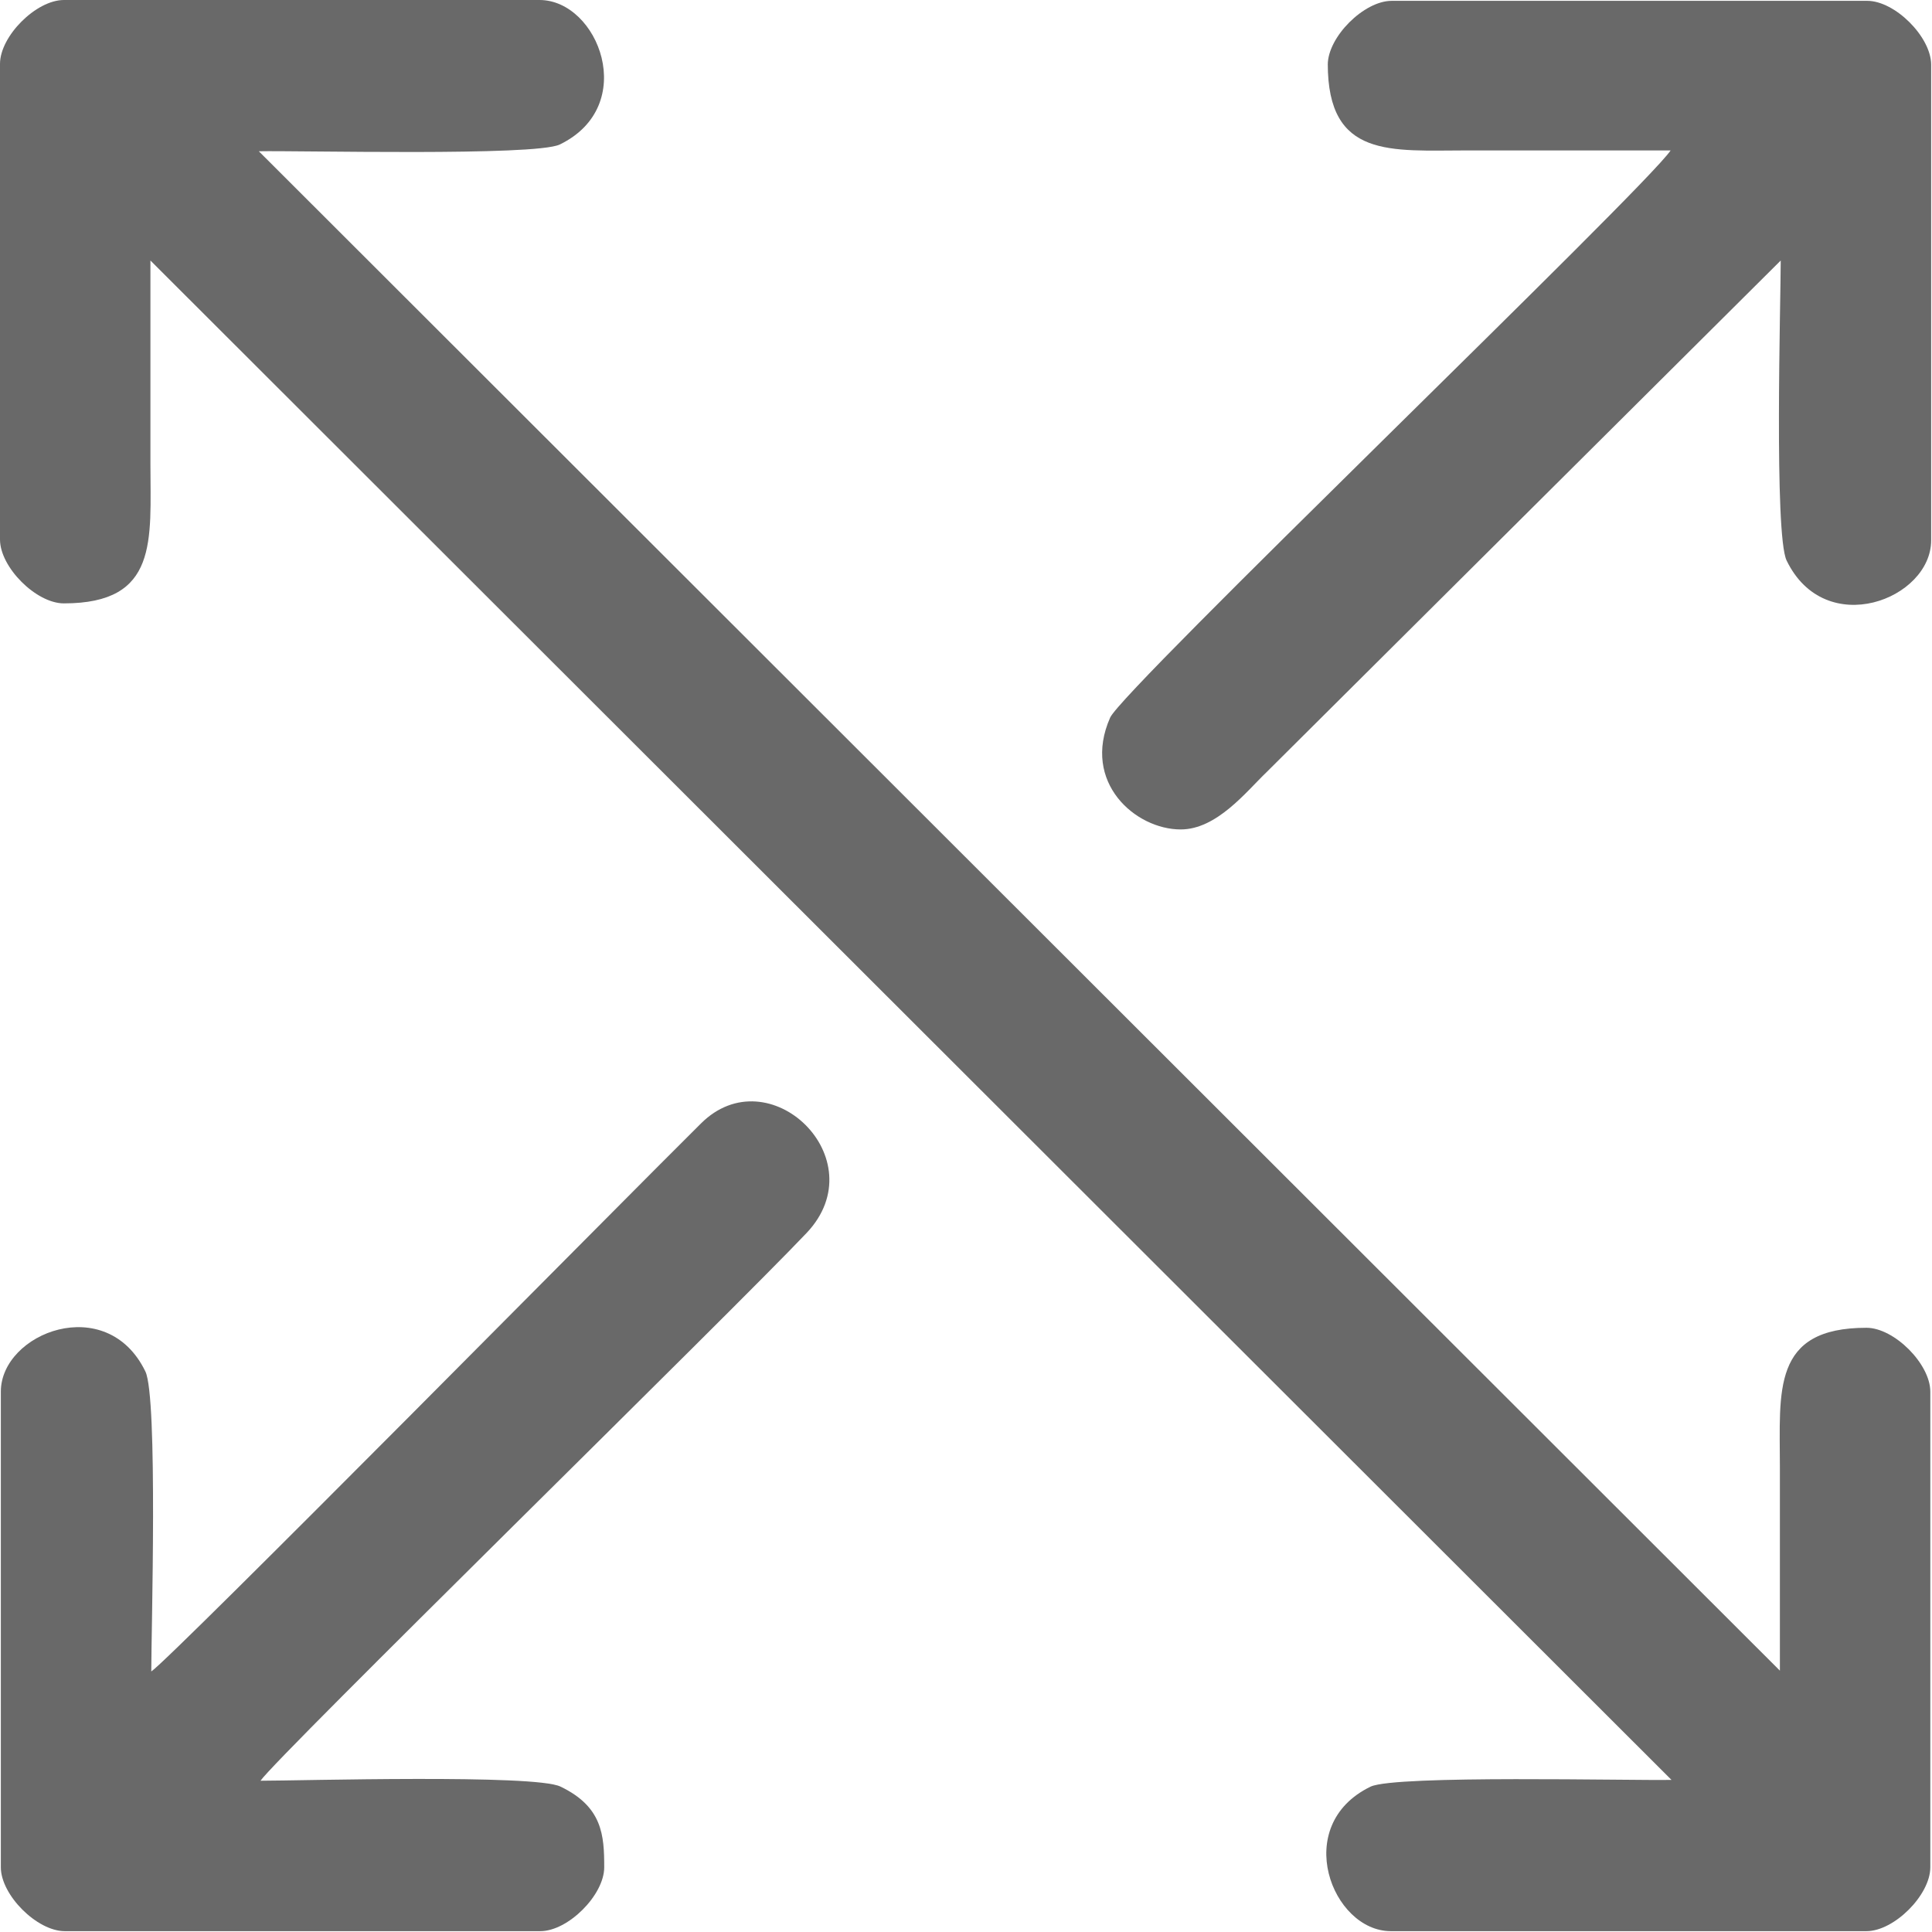 <?xml version="1.0" encoding="UTF-8"?>
<!DOCTYPE svg PUBLIC "-//W3C//DTD SVG 1.1//EN" "http://www.w3.org/Graphics/SVG/1.1/DTD/svg11.dtd">
<!-- Creator: CorelDRAW 2021 (64-Bit) -->
<svg xmlns="http://www.w3.org/2000/svg" xml:space="preserve" width="5.927mm" height="5.927mm" version="1.1" style="shape-rendering:geometricPrecision; text-rendering:geometricPrecision; image-rendering:optimizeQuality; fill-rule:evenodd; clip-rule:evenodd"
viewBox="0 0 22.99 22.99"
 xmlns:xlink="http://www.w3.org/1999/xlink"
 xmlns:xodm="http://www.corel.com/coreldraw/odm/2003">
 <defs>
  <style type="text/css">
   <![CDATA[
    .fil0 {fill:dimgray}
   ]]>
  </style>
 </defs>
 <g id="Layer_x0020_1">
  <g id="_1808760126000">
   <path class="fil0" d="M-0 0.76l0 5.66c0,0.33 0.43,0.76 0.76,0.76 1.13,0 1.03,-0.75 1.03,-1.66 0,-0.81 0,-1.62 0,-2.42l18.1 18.08c-0.48,0.01 -3.28,-0.06 -3.58,0.08 -0.95,0.46 -0.46,1.72 0.24,1.72l5.66 0c0.33,0 0.76,-0.43 0.76,-0.76l0 -5.66c0,-0.33 -0.43,-0.76 -0.76,-0.76 -1.13,0 -1.03,0.75 -1.03,1.66 0,0.81 0,1.62 0,2.42l-18.1 -18.08c0.48,-0.01 3.28,0.06 3.58,-0.08 0.95,-0.46 0.46,-1.72 -0.24,-1.72l-5.66 0c-0.33,0 -0.76,0.43 -0.76,0.76z"/>
   <path class="fil0" d="M15.8 0.76c0,1.13 0.75,1.03 1.66,1.03 0.81,0 1.62,0 2.42,0 -0.32,0.47 -6.53,6.42 -6.67,6.75 -0.34,0.77 0.3,1.33 0.84,1.33 0.43,0 0.78,-0.45 1.02,-0.68l6.12 -6.09c0,0.46 -0.08,3.26 0.07,3.57 0.46,0.95 1.72,0.46 1.72,-0.24l0 -5.66c0,-0.33 -0.43,-0.76 -0.76,-0.76l-5.66 0c-0.33,0 -0.76,0.43 -0.76,0.76z"/>
   <path class="fil0" d="M1.8 19.89c0,-0.46 0.08,-3.26 -0.07,-3.57 -0.46,-0.95 -1.72,-0.46 -1.72,0.24l0 5.66c0,0.33 0.43,0.76 0.76,0.76l5.66 0c0.33,0 0.76,-0.43 0.76,-0.76 0,-0.38 -0.02,-0.72 -0.52,-0.96 -0.3,-0.15 -3.1,-0.07 -3.57,-0.07 0.19,-0.28 5.62,-5.59 6.5,-6.52 0.83,-0.88 -0.45,-2.11 -1.26,-1.3 -0.81,0.8 -6.3,6.36 -6.54,6.52z"/>
  </g>
 </g>
</svg>
================
ABOUT THIS TASK:
Lines from the entries that contain the string "text" must be found and copied.

EXERCISE RESULT:
<svg xmlns="http://www.w3.org/2000/svg" xml:space="preserve" width="5.927mm" height="5.927mm" version="1.1" style="shape-rendering:geometricPrecision; text-rendering:geometricPrecision; image-rendering:optimizeQuality; fill-rule:evenodd; clip-rule:evenodd"
  <style type="text/css">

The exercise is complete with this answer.